Book Synopsis The Deepest South by : Gerald Horne

Download or read book The Deepest South written by Gerald Horne and published by NYU Press. This book was released on 2007-03-01 with total page 348 pages. Available in PDF, EPUB and Kindle. Book excerpt: During its heyday in the nineteenth century, the African slave trade was fueled by the close relationship of the United States and Brazil.

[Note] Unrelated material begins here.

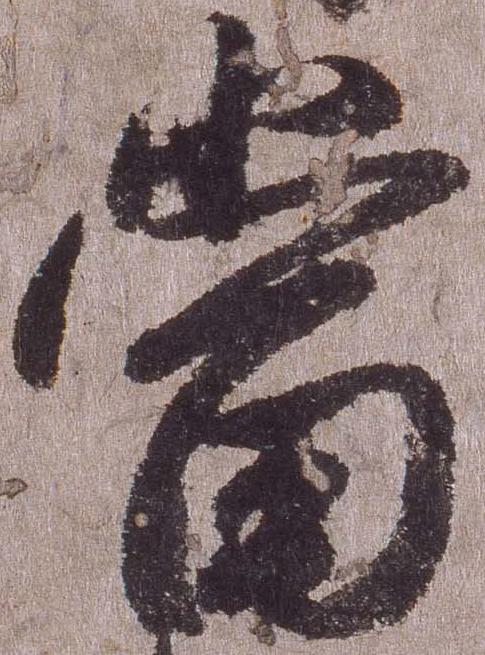
当
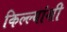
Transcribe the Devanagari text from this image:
किल्ल्यांशी

The Deepest South tells the disturbing story of how U.S. nationals - before and after Emancipation -- continued to actively participate in this odious commerce by creating diplomatic, social, and political ties with Brazil, which today has the largest population of African origin outside of Africa itself. Proslavery Americans began to accelerate their presence in Brazil in the 1830s, creating alliances there—sometimes friendly, often contentious—with Portuguese, Spanish, British, and other foreign slave traders to buy, sell, and transport African slaves, particularly from the eastern shores of that beleaguered continent. Spokesmen of the Slave South drew up ambitious plans to seize the Amazon and develop this region by deporting the enslaved African-Americans there to toil. When the South seceded from the Union, it received significant support from Brazil, which correctly assumed that a Confederate defeat would be a mortal blow to slavery south of the border. After the Civil War, many Confederates, with slaves in tow, sought refuge as well as the survival of their peculiar institution in Brazil. Based on extensive research from archives on five continents, Gerald Horne breaks startling new ground in the history of slavery, uncovering its global dimensions and the degrees to which its defenders went to maintain it.